Copy the data that follows exactly. Include no pictures.

[Saved entries]

* * *

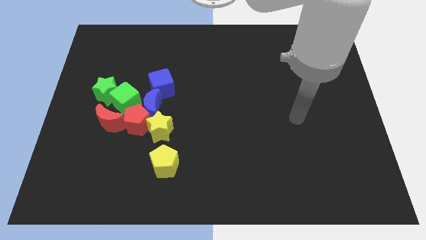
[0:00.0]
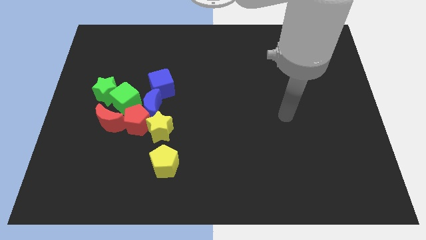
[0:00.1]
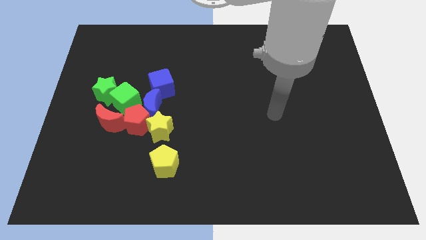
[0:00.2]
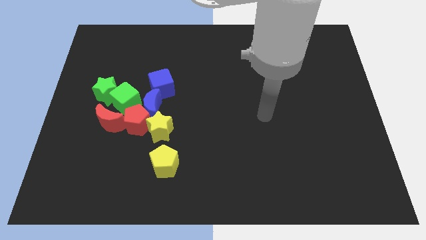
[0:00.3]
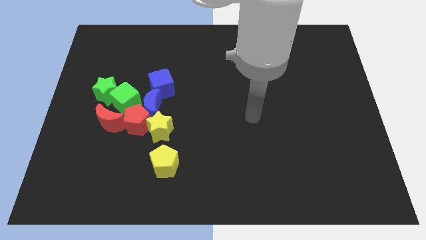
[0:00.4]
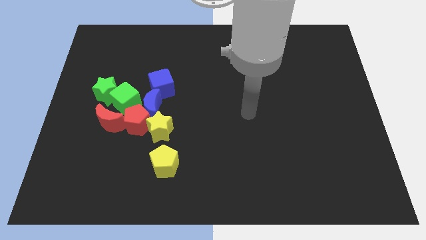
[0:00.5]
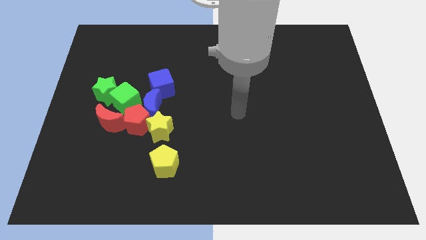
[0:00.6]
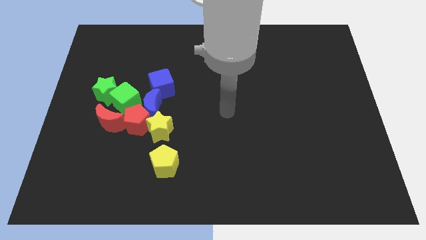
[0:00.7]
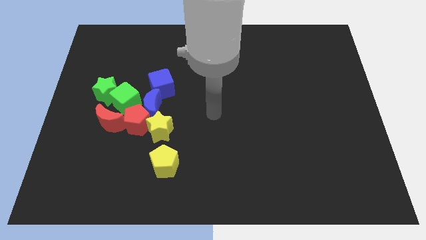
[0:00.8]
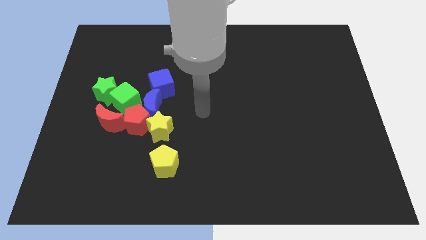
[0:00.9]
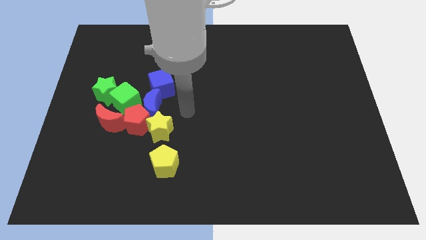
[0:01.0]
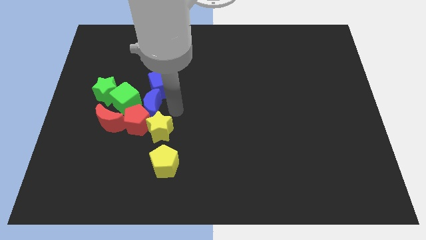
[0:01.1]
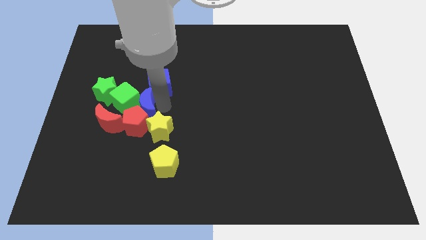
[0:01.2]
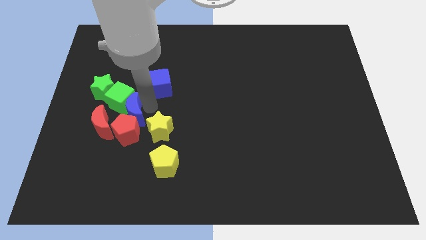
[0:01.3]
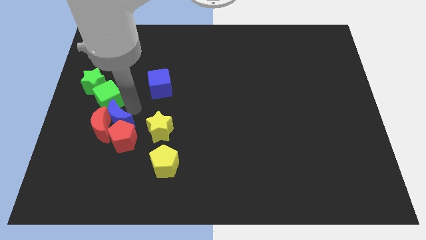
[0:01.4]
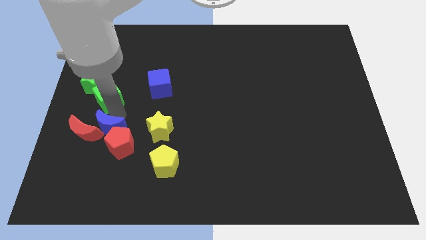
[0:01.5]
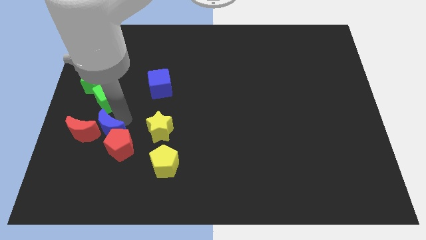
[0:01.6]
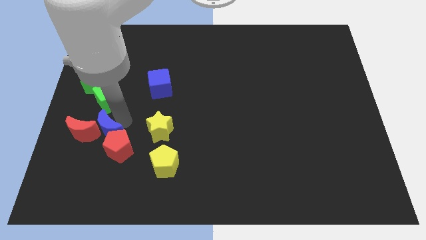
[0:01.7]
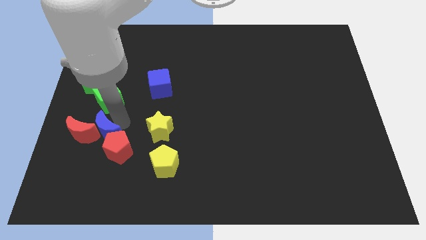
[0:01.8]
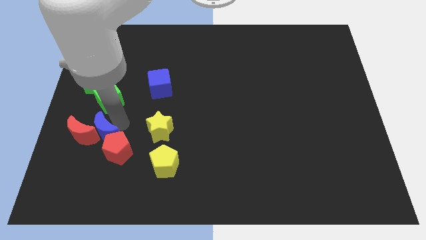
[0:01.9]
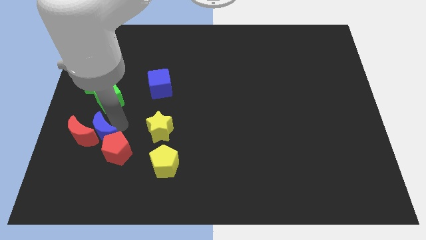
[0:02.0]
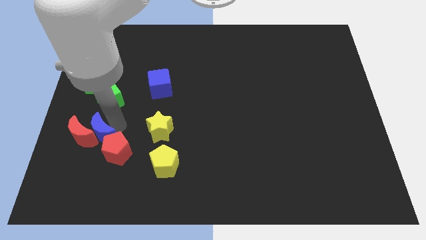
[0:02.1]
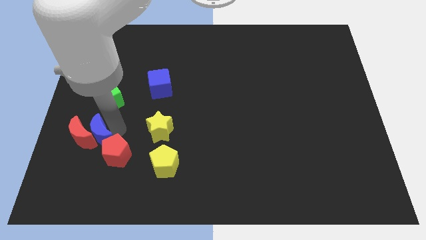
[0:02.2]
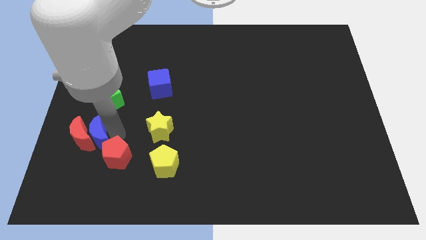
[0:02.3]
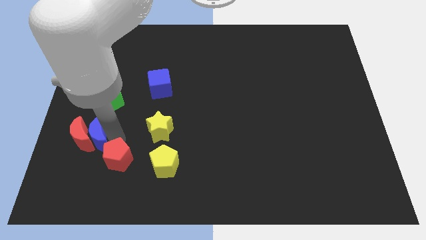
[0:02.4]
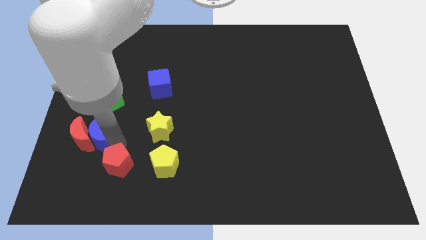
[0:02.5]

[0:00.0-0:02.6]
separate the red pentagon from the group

* * *

» ANSWER TO THIS PROBLEM
[0:00.0]
[0:00.1]
[0:00.2]
[0:00.3]
[0:00.4]
[0:00.5]
[0:00.6]
[0:00.7]
[0:00.8]
[0:00.9]
[0:01.0]
[0:01.1]
[0:01.2]
[0:01.3]
[0:01.4]
[0:01.5]
[0:01.6]
[0:01.7]
[0:01.8]
[0:01.9]
[0:02.0]
[0:02.1]
[0:02.2]
[0:02.3]
[0:02.4]
[0:02.5]

[0:00.0-0:02.6]
separate the red pentagon from the group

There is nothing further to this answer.